Work request:
Output the full set of records exactly.

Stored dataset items

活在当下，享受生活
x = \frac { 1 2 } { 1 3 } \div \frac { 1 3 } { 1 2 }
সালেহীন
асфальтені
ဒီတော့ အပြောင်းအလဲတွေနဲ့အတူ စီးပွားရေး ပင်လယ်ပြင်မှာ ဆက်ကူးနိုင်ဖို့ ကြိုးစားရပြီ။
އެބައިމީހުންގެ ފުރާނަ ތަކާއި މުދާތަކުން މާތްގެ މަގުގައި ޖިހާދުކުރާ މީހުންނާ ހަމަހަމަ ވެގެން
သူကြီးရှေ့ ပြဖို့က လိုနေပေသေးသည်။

Your response:
活在当下，享受生活
x = \frac { 1 2 } { 1 3 } \div \frac { 1 3 } { 1 2 }
সালেহীন
асфальтені
ဒီတော့ အပြောင်းအလဲတွေနဲ့အတူ စီးပွားရေး ပင်လယ်ပြင်မှာ ဆက်ကူးနိုင်ဖို့ ကြိုးစားရပြီ။
އެބައިމީހުންގެ ފުރާނަ ތަކާއި މުދާތަކުން މާތްގެ މަގުގައި ޖިހާދުކުރާ މީހުންނާ ހަމަހަމަ ވެގެން
သူကြီးရှေ့ ပြဖို့က လိုနေပေသေးသည်။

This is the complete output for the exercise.